### Description of the task
Where the data below has the string "light", return the whole line.

### Supplied material
== Segment start ==
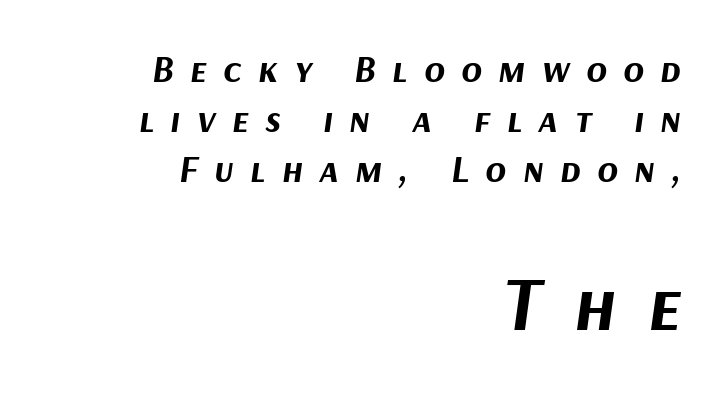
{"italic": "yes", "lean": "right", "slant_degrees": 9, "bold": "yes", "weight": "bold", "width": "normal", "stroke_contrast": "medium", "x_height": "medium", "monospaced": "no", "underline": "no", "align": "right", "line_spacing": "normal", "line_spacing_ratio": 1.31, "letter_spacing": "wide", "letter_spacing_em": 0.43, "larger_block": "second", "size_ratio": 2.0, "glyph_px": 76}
== Segment end ==
== Segment start ==
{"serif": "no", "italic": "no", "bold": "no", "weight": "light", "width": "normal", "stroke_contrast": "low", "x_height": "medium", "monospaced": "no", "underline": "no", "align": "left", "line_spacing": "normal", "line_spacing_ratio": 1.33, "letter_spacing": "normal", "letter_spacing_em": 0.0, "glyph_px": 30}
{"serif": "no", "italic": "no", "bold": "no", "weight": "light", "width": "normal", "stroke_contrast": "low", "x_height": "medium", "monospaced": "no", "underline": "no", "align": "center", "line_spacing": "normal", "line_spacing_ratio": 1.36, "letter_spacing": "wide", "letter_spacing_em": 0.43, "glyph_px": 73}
== Segment end ==
### The answer
{"serif": "no", "italic": "no", "bold": "no", "weight": "light", "width": "normal", "stroke_contrast": "low", "x_height": "medium", "monospaced": "no", "underline": "no", "align": "left", "line_spacing": "normal", "line_spacing_ratio": 1.33, "letter_spacing": "normal", "letter_spacing_em": 0.0, "glyph_px": 30}
{"serif": "no", "italic": "no", "bold": "no", "weight": "light", "width": "normal", "stroke_contrast": "low", "x_height": "medium", "monospaced": "no", "underline": "no", "align": "center", "line_spacing": "normal", "line_spacing_ratio": 1.36, "letter_spacing": "wide", "letter_spacing_em": 0.43, "glyph_px": 73}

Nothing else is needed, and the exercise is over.